[Exercise material]:

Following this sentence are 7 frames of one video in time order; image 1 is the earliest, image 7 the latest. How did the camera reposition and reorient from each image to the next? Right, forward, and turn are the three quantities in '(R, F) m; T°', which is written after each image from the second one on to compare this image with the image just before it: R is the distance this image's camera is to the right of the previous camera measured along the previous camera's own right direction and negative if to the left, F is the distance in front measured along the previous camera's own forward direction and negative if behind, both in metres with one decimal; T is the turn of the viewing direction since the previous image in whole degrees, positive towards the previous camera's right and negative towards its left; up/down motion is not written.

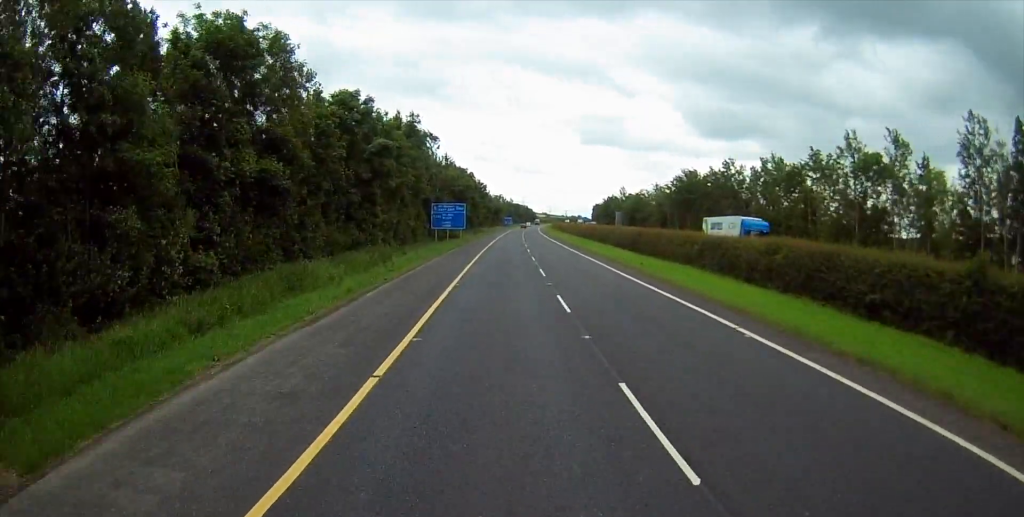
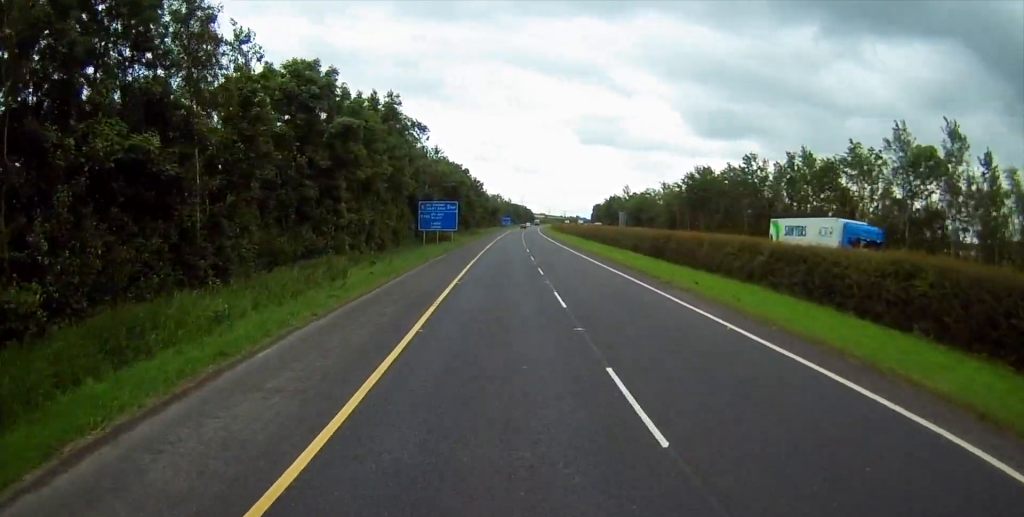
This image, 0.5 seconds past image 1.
(-0.1, +10.9) m; 0°
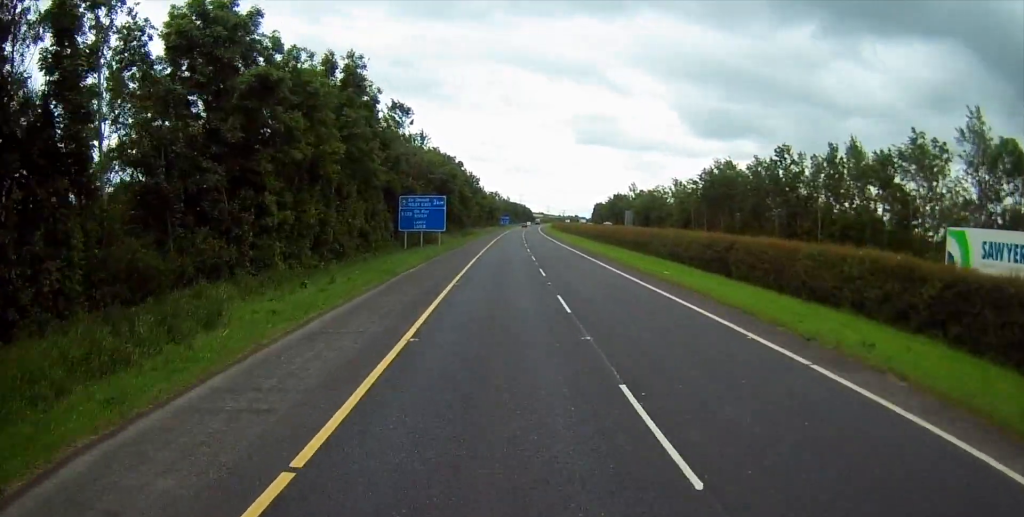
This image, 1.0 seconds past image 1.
(+0.2, +13.2) m; 0°
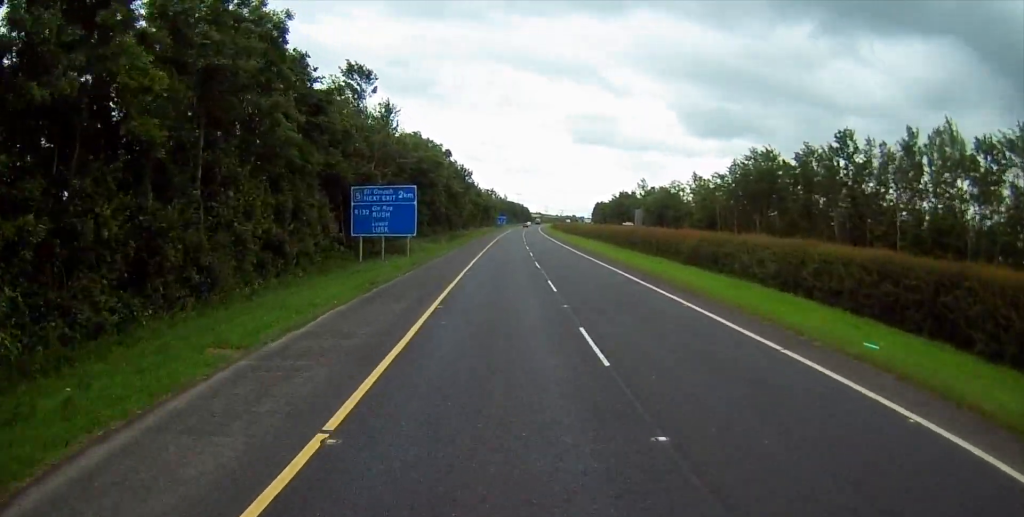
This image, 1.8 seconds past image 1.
(0.0, +18.6) m; 0°
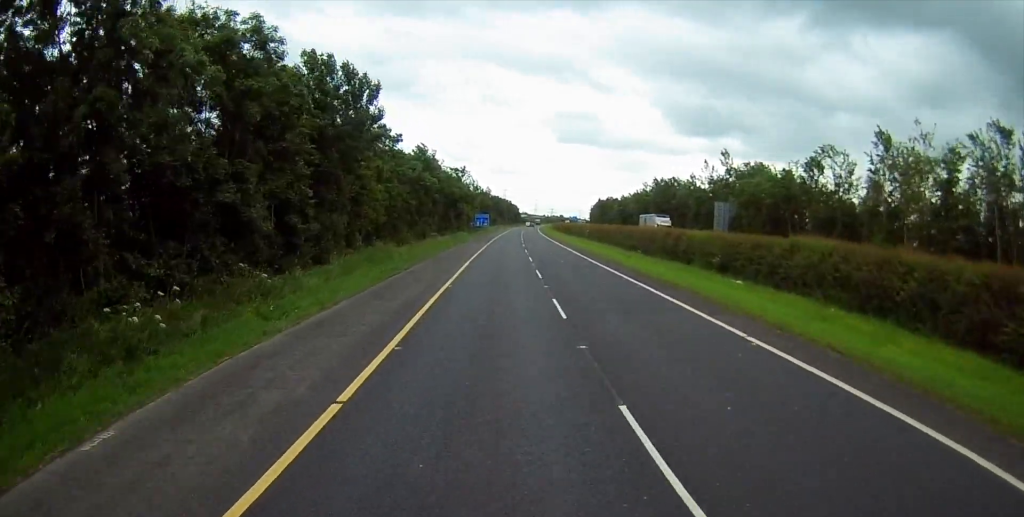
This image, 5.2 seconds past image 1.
(+1.2, +78.3) m; +2°
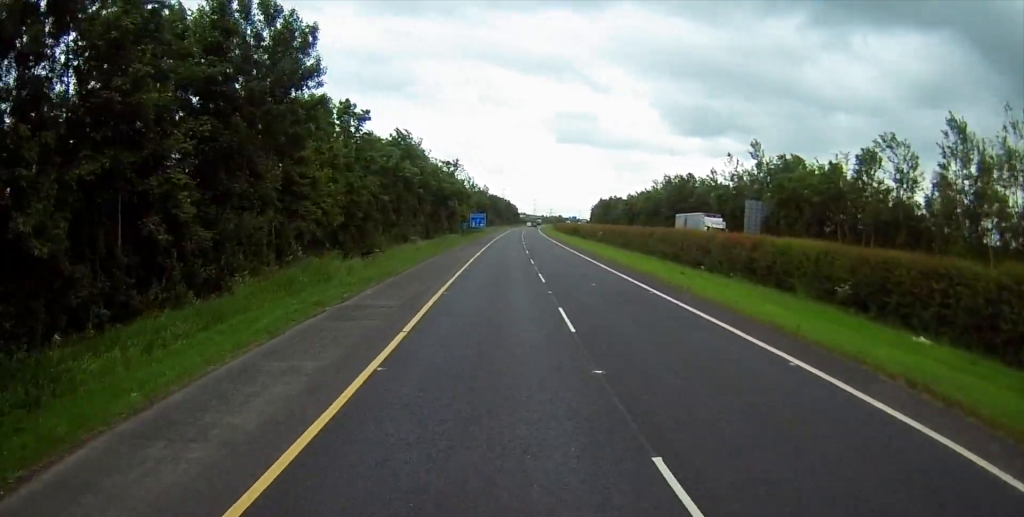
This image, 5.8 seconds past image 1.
(0.0, +13.9) m; 0°
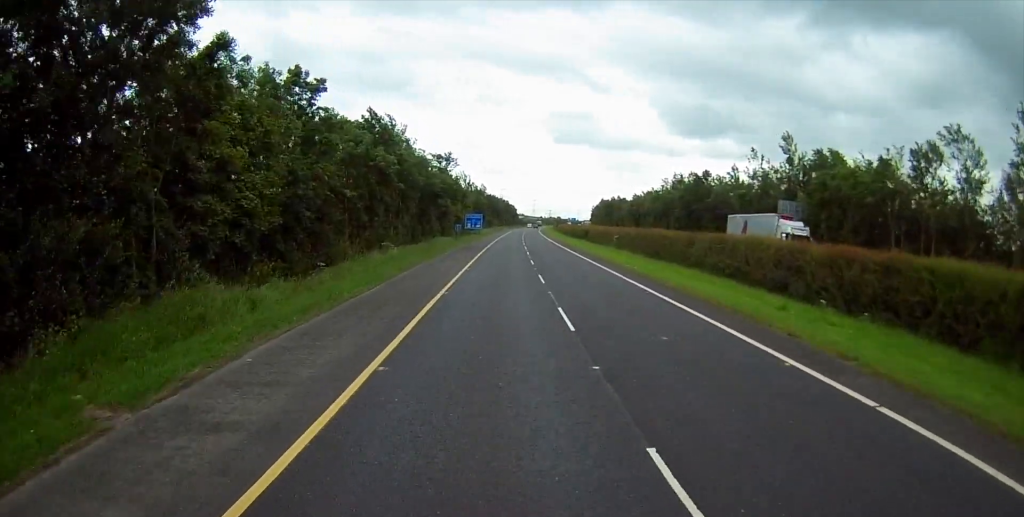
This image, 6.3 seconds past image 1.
(-0.2, +11.6) m; 0°

[What the exercise asks]:
Print the data again word for word, pictures excluded.

[Completed exercise]:
Following this sentence are 7 frames of one video in time order; image 1 is the earliest, image 7 the latest. How did the camera reposition and reorient from each image to the next? Right, forward, and turn are the three quantities in '(R, F) m; T°', which is written after each image from the second one on to compare this image with the image just before it: R is the distance this image's camera is to the right of the previous camera measured along the previous camera's own right direction and negative if to the left, F is the distance in front measured along the previous camera's own forward direction and negative if behind, both in metres with one decimal; T is the turn of the viewing direction since the previous image in whole degrees, positive towards the previous camera's right and negative towards its left; up/down motion is not written.

This image, 0.5 seconds past image 1.
(-0.1, +10.9) m; 0°
This image, 1.0 seconds past image 1.
(+0.2, +13.2) m; 0°
This image, 1.8 seconds past image 1.
(0.0, +18.6) m; 0°
This image, 5.2 seconds past image 1.
(+1.2, +78.3) m; +2°
This image, 5.8 seconds past image 1.
(0.0, +13.9) m; 0°
This image, 6.3 seconds past image 1.
(-0.2, +11.6) m; 0°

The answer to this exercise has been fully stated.